At a September, 1962, Carnegie Hall "hootenanny" hosted by Seeger as a means of introducing new talent, Dylan performed a song that he never recorded, "As Long as the Grass Shall Grow", with lyrics written by La Farge and music by Dylan. Its subject was the flooding of the Allegheny Reservoir along the Pennsylvania and New York border, against the opposition of the Seneca Nation of New York, who insisted it violated the 18th-century Treaty of Canandaigua signed with them by the United States under its president George Washington. Immediately following this song was Dylan's epic work, "A Hard Rain's A-Gonna Fall", in his first public performance of that song. LaFarge later wrote, and recorded, his own version of "As Long as the Grass Shall Grow", which was covered by Johnny Cash and others.
His performances in Greenwich Village gained him a recording contract with Moses Asch, founder of Folkways Records. La Farge's five Folkways albums (1962-1965) were dedicated to Native American themes, as well as blues, cowboy songs, and love songs. His most famous song, "The Ballad of Ira Hayes," is the story of a Pima Indian who became a hero as one of five United States Marines who raised the U.S. flag on Iwo Jima. He later suffered from prejudice and struggled with the return to civilian life, becoming an alcoholic. This song was covered by Johnny Cash in his 1964 album Bitter Tears: Ballads of the American Indian, reaching Number 2 on the Billboard country music chart. Cash credited La Farge with inspiring the entire album, which included four other songs besides "The Ballad of Ira Hayes."
By 1965, La Farge was also becoming known as an artist and painter. He lived with the Danish singer Inger Nielsen, and the pair had a daughter, Karen. They did not marry in part because La Farge was still married to Suzanne, who was then in a mental institution in Michigan.
Johnny Cash's success increased demand for folksingers, and La Farge was signed to MGM Records, where he planned a new album.
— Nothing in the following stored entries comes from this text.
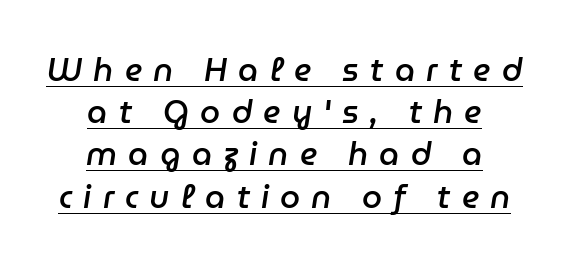
{"italic": "yes", "lean": "right", "slant_degrees": 9, "bold": "semi", "weight": "semibold", "width": "normal", "stroke_contrast": "low", "x_height": "medium", "monospaced": "no", "underline": "yes", "align": "center", "line_spacing": "normal", "line_spacing_ratio": 1.32, "letter_spacing": "wide", "letter_spacing_em": 0.35, "glyph_px": 32}
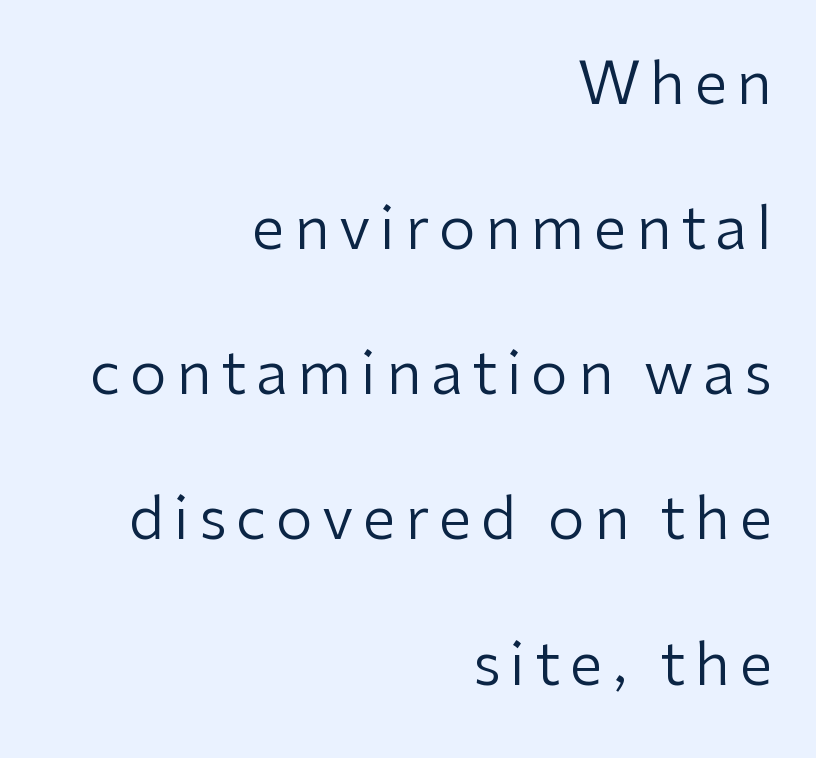
The image shows 59 px regular-weight sans-serif type, upright; set right-aligned, loose line spacing (2.46x), not underlined; low stroke contrast and a medium x-height.
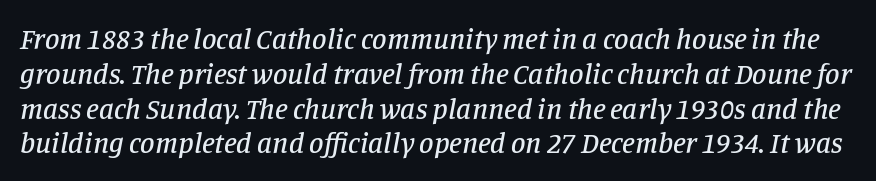
Slanted lettering throughout. Between one letter and the next there's only the usual sliver of space. Just letters on the line, the space beneath them empty. Spacing verdict: proportional, widths tailored to each character. What kind of face is this? One with serifs.
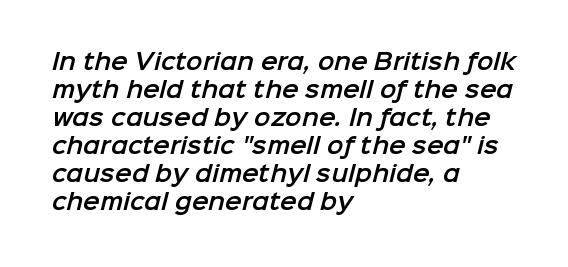
The image shows 22 px text type; set left-aligned, normal line spacing (1.27x), normal letter spacing, not underlined.
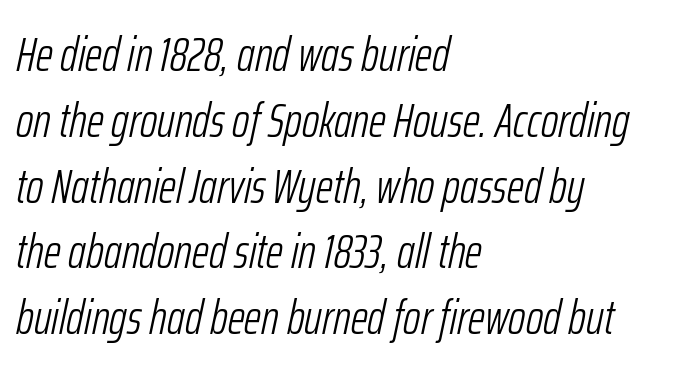
Does the lettering tilt? It does — this is italic. Note the varied advance widths — an 'i' is clearly narrower than an 'm'. Is this a heavy cut? Hardly; it is regular or lighter. The gaps between neighbouring characters are ordinary and unremarkable. The lines in this sample share a left origin and differ only in where they stop. If you measured baseline to baseline, you'd find a middling distance.
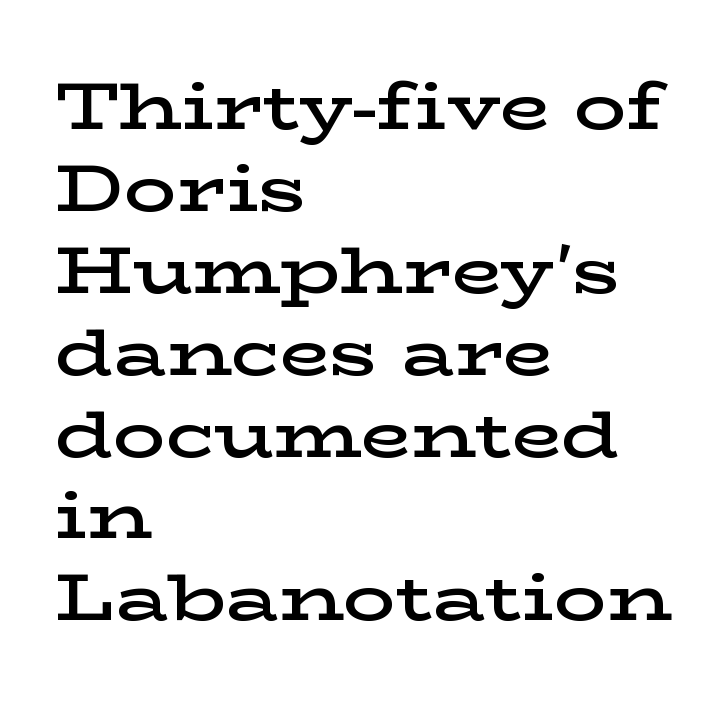
The image shows 65 px semibold, wide serif type, upright; set left-aligned, normal line spacing (1.26x), normal letter spacing, not underlined; low stroke contrast and a medium x-height.

However, in October 1965, Peter La Farge was found dead in his New York City apartment by Inger Nielsen. He was said to have died from a stroke or (more probably) an overdose of Thorazine, an addictive sleep aid that Johnny Cash had allegedly introduced him to. He was buried in Fountain, Colorado, survived by his sister, half-brother, daughter, and granddaughter.
In 2010, a tribute album, Rare Breed, was recorded by musicians including John Densmore, Felipe Rose, Hank Williams III, Sarah Lee Guthrie, Johnny Irion, Keith Secola, John Trudell, and the band Blackfire.